--- YOUR INSTRUCTIONS ---
Copy exactly the last part of the entries, starting from the line with "སོ་ནི་རྒུད། དབང་པོ་ནི་འགྲིབ། ཚེ་ཆད་ནི་རྫོགས།" and including the final line.

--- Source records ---
▼▼▼
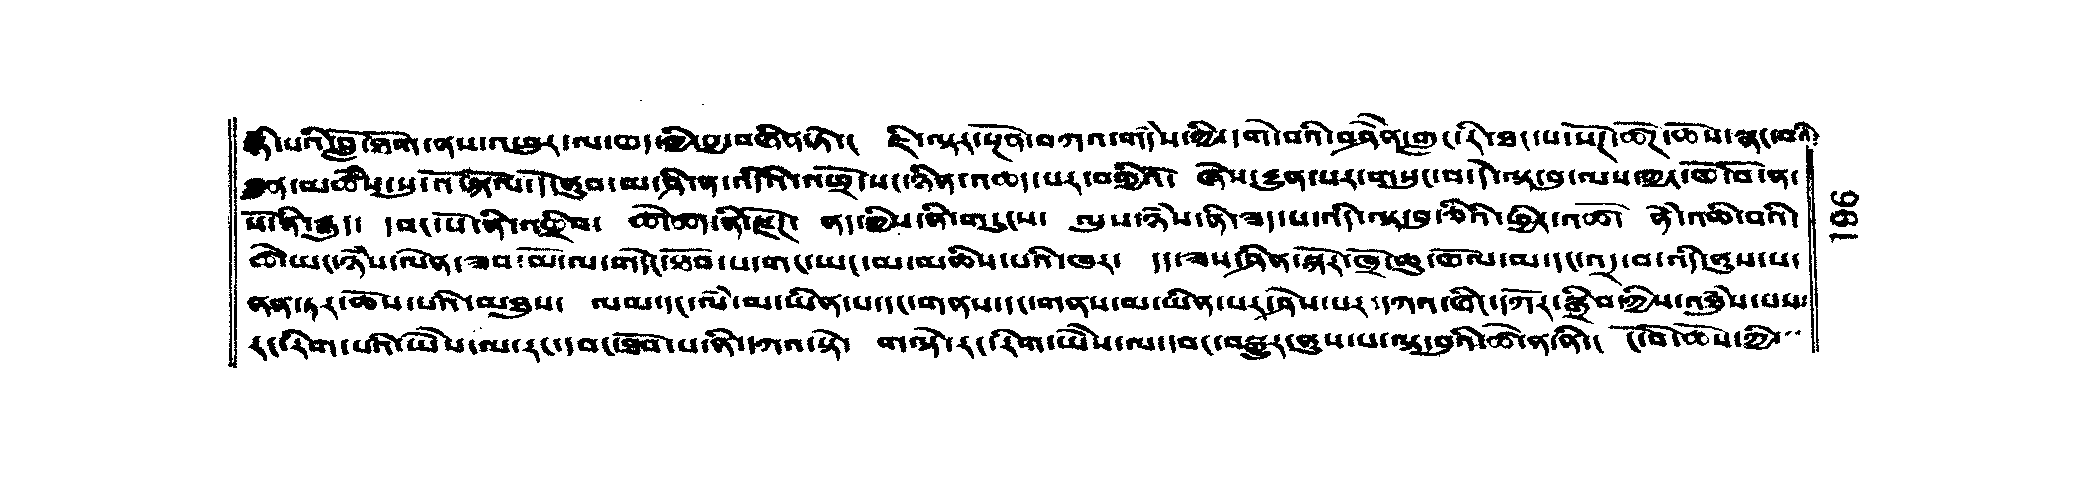སྙམ་པའི་བློ་ཐོག་ནས་འཕུར་ལ་ཁད་ཀྱི་བྱ་བཞིན་ཏེ། ཇི་ལྟར་སྔོན་བཀའ་གདམས་ཀྱི་དགེ་བའི་བཤེས་གཉེན་གླང་རི་ཐང་པ་སོགས་ཚོགས་ཆོས་གནང་བའི་
ཐུན་མཚམས་སུ་འོ་སྐོལ་དོ་ནུབ་མ་ཤི་ན་འདིའི་འཕྲོ་སང་ཉིན་འཆད་པར་བགྱིའོ། ཞེས་རྒྱུན་པར་གསུང་བ་དེ་ལྟ་བུ་ལས་ཀྱང་ཁོ་བོ་ན་
སོ་ནི་རྒུད། དབང་པོ་ནི་འགྲིབ། ཚེ་ཆད་ནི་རྫོགས། ནད་ཀྱིས་ནི་གདུངས། ལུས་ཉམས་ནི་ཟད་པ་འདི་ལྟ་བུ་ཅིའི་ཕྱིར་འཚོ། ནམ་འཆི་བའི་
ཚེ་ཡང་ཉམས་ལེན་ཟབ་མོ་ལ་གདེང་ཐོབ་པ་གང་ཡང་མ་མཆིས་པའི་ཁར། དད་ཟས་ཤིན་དཀོར་ཁྲོ་ཆུ་ཁོལ་མ་དང་འདྲ་བ་འདི་ནུས་པ་
ནན་ཏར་ཆེ་བའི་མཐུས། ལམ་དང་ལམ་མ་ཡིན་པ་དང་གནས་དང་གནས་མ་ཡིན་པ་ཤེས་པར་དཀའ་ཞིང་དཀོར་སྒྲིབ་ཀྱིས་འཐུམས་པས་
རང་རིག་པའི་ཡེ་ཤེས་ལ་རང་དབང་ཐོབ་པ་ནི་དཀའ་སྟེ། གལ་ཏེ་རང་རིག་ཡེ་ཤེས་ལ་དབང་བསྒྱུར་ནུས་པ་ལྟ་བུའི་ཚེ་ན་ནི། ངོ་བོ་ཆོས་ཀྱི་
▲▲▲
--- SOLVED PROBLEM ---
སོ་ནི་རྒུད། དབང་པོ་ནི་འགྲིབ། ཚེ་ཆད་ནི་རྫོགས། ནད་ཀྱིས་ནི་གདུངས། ལུས་ཉམས་ནི་ཟད་པ་འདི་ལྟ་བུ་ཅིའི་ཕྱིར་འཚོ། ནམ་འཆི་བའི་
ཚེ་ཡང་ཉམས་ལེན་ཟབ་མོ་ལ་གདེང་ཐོབ་པ་གང་ཡང་མ་མཆིས་པའི་ཁར། དད་ཟས་ཤིན་དཀོར་ཁྲོ་ཆུ་ཁོལ་མ་དང་འདྲ་བ་འདི་ནུས་པ་
ནན་ཏར་ཆེ་བའི་མཐུས། ལམ་དང་ལམ་མ་ཡིན་པ་དང་གནས་དང་གནས་མ་ཡིན་པ་ཤེས་པར་དཀའ་ཞིང་དཀོར་སྒྲིབ་ཀྱིས་འཐུམས་པས་
རང་རིག་པའི་ཡེ་ཤེས་ལ་རང་དབང་ཐོབ་པ་ནི་དཀའ་སྟེ། གལ་ཏེ་རང་རིག་ཡེ་ཤེས་ལ་དབང་བསྒྱུར་ནུས་པ་ལྟ་བུའི་ཚེ་ན་ནི། ངོ་བོ་ཆོས་ཀྱི་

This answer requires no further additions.